For people living with a neurological condition, small achievements can be a very big deal. We call these wins inchstones, because they're one step closer to a milestone. Read these stories of Kiwis living daily with neurological conditions and what an inchstone looks like to them.

Ava's Story

Ava was born prematurely via emergency c-section at 31.5 weeks due to her mum having a placental abruption. She went to the intensive care unit and was progressing as well as any baby born at her gestation could. 

After several weeks of tube feeding, sleeping and growing beautifully, we noticed she struggled with breastfeeding, and got very tired. Tests showed some cysts on her brain. Ava was then diagnosed with Periventricular Leukomalacia (PVL). This could have occurred due to a lack of oxygen reaching her brain during her traumatic birth. 

We went home knowing Ava had some brain damage, but not how — or if — this would affect her growth and development. The doctors reiterated that a baby’s brain has high plasticity and that, when information travelling through the brain may hit a difficult patch, new pathways can be formed. We found this fascinating and it gave us hope. But it was a wait-and-see. 

Danelle's Story

I had a sudden unexpected seizure in the middle of the night. I was 41 and had never had a seizure before. I don't remember it at all, but it was frightening for my family. My then 8-year-old daughter heard me fall out of bed and found me on the floor having a grand mal seizure. My head was banging against a desk and she didn't know what to do. I was unconscious by the time my husband found me and the first thing I remember was when paramedics came into my bedroom.

I worried about my daughter having witnessed my seizure. She started sleeping in my bed — I guess she was being protective. I think I started having petit mals (smaller seizures) in my sleep. She could spot the jerking, repetitive movements and seemed to be able to snap me out of it by waking me up, so that was a silver lining. Epilepsy is a tricky disorder because you don't know if you've had a petit mal unless someone witnesses it.

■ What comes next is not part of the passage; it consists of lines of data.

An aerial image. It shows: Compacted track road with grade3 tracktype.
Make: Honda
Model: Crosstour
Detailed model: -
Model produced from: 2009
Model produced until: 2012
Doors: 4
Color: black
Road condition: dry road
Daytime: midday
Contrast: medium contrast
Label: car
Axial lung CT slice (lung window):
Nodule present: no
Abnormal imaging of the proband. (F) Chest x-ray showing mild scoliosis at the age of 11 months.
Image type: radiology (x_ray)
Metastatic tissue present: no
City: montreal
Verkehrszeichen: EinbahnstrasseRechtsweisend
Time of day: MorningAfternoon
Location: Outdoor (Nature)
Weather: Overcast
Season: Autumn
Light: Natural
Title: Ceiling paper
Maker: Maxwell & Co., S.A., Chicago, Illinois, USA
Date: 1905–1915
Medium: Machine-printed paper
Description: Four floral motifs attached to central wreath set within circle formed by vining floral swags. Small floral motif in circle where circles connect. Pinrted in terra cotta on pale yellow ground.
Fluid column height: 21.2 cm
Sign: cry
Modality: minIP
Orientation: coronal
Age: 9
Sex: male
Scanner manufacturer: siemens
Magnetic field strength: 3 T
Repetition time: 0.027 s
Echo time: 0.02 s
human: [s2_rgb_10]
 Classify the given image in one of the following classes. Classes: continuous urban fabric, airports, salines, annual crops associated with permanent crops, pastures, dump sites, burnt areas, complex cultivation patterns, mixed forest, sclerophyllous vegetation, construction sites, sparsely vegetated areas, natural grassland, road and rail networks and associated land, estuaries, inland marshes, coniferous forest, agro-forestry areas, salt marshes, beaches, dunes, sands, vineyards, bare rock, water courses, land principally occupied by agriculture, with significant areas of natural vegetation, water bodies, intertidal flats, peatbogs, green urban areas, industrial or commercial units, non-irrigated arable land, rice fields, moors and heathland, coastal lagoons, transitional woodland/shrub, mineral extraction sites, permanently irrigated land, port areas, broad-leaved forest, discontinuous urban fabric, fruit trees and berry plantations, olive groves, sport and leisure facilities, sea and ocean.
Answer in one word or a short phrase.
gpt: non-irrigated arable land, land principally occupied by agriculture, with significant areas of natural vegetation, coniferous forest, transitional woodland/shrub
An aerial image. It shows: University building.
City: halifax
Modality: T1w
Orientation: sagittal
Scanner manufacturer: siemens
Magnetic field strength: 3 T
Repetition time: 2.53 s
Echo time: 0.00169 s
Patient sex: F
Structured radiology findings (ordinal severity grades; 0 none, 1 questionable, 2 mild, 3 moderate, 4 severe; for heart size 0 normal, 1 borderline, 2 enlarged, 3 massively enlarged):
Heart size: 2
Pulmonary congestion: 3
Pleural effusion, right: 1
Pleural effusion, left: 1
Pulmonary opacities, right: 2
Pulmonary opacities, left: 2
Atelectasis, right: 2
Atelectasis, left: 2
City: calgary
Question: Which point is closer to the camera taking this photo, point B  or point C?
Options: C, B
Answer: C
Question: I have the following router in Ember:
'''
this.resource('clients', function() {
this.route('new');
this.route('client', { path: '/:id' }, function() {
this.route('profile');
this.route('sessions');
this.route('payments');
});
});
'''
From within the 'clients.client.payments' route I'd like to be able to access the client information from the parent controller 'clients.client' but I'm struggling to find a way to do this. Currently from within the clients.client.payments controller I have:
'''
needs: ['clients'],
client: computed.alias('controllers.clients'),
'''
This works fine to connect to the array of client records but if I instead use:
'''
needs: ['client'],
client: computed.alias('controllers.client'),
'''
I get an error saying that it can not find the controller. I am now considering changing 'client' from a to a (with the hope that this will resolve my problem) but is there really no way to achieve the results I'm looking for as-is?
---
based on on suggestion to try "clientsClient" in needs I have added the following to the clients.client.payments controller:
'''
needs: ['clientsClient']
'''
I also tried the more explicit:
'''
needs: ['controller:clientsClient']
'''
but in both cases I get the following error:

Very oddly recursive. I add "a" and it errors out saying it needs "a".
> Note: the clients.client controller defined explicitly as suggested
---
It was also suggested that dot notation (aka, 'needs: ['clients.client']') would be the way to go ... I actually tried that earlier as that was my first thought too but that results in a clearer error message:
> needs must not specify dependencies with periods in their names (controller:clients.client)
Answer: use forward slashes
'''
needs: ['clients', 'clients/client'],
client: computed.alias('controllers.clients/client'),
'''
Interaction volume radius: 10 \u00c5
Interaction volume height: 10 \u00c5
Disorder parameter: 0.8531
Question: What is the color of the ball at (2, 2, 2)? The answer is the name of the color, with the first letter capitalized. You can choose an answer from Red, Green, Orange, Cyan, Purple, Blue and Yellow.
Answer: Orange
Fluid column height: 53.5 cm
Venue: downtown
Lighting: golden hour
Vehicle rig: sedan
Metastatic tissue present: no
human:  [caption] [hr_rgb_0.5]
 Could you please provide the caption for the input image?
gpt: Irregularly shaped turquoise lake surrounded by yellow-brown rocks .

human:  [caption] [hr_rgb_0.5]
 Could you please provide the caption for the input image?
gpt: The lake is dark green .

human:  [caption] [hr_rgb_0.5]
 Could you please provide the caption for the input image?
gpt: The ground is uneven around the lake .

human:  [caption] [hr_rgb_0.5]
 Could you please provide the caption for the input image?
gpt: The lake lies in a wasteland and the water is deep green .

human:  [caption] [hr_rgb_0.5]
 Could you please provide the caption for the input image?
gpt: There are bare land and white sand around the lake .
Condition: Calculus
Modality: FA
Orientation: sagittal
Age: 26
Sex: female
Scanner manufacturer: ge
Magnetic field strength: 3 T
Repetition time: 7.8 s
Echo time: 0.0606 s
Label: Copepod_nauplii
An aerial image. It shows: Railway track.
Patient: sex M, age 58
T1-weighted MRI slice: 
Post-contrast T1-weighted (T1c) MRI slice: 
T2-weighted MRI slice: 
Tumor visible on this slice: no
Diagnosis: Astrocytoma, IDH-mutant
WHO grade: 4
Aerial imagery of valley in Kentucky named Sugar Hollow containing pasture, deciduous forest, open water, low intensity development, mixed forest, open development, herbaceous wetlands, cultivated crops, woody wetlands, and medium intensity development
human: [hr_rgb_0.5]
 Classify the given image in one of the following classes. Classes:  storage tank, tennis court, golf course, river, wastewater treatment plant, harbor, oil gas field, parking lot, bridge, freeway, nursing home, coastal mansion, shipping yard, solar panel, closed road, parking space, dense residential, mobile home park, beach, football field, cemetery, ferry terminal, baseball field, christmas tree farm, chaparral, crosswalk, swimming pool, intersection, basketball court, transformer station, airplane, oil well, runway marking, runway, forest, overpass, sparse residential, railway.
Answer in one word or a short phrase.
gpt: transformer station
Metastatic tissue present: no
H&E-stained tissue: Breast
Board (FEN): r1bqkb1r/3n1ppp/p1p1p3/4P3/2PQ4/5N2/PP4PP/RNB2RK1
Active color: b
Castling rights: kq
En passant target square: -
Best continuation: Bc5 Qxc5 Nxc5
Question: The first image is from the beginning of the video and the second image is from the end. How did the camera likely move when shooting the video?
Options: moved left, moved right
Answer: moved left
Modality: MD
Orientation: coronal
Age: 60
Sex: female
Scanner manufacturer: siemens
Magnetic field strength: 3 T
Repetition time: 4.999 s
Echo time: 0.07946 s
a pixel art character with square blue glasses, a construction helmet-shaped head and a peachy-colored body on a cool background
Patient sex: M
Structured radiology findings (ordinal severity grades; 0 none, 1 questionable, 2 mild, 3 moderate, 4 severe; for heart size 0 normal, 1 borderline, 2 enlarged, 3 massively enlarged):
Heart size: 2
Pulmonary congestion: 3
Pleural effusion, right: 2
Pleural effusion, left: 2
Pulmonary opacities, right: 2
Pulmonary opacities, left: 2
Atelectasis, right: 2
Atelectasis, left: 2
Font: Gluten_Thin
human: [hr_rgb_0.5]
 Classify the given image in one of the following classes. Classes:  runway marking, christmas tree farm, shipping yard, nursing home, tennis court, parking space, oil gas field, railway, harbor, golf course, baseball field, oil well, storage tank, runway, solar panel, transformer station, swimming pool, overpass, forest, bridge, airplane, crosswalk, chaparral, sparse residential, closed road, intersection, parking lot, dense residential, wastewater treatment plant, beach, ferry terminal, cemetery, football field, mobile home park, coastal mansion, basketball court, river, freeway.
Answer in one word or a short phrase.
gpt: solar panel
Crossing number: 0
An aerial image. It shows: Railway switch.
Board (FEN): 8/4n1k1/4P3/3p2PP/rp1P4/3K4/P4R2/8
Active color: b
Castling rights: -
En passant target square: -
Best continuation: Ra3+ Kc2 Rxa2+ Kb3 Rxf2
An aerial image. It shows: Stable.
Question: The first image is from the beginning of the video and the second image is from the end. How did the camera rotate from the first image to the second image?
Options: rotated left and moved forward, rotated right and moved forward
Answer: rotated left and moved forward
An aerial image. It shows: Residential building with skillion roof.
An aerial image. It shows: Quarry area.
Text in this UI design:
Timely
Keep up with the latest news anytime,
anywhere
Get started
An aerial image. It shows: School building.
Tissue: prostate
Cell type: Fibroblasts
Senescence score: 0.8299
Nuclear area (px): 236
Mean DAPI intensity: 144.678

I spent months worrying I was going to have another seizure, particularly at night, which meant I lost a lot of sleep.

Ross's Story

Ross lives with Parkinson’s disease, a disorder that causes unintended or uncontrollable movements and gets worse over time.

Leg twitches, cramps and anxiety attacks caused him to seek medical help. His wife, Lindy, said, “You can't have Parkinson's Disease - you're too young!” Sadly, she was wrong. Ross was diagnosed at the age of just 43.

Instead of giving in to the disease, Ross and Lindy faced it with courage and determination. In Lindy’s words, “Ross's diagnosis came as a shock to us both, but we made a pact early on to continue living, as much as possible, as we always have.”

Since his diagnosis, he has often measured daily achievements in inchstones: tying his shoelaces; doing up buttons; making it across the room without spilling his cup of tea.

But there have been milestones, too. The first came with drug treatment.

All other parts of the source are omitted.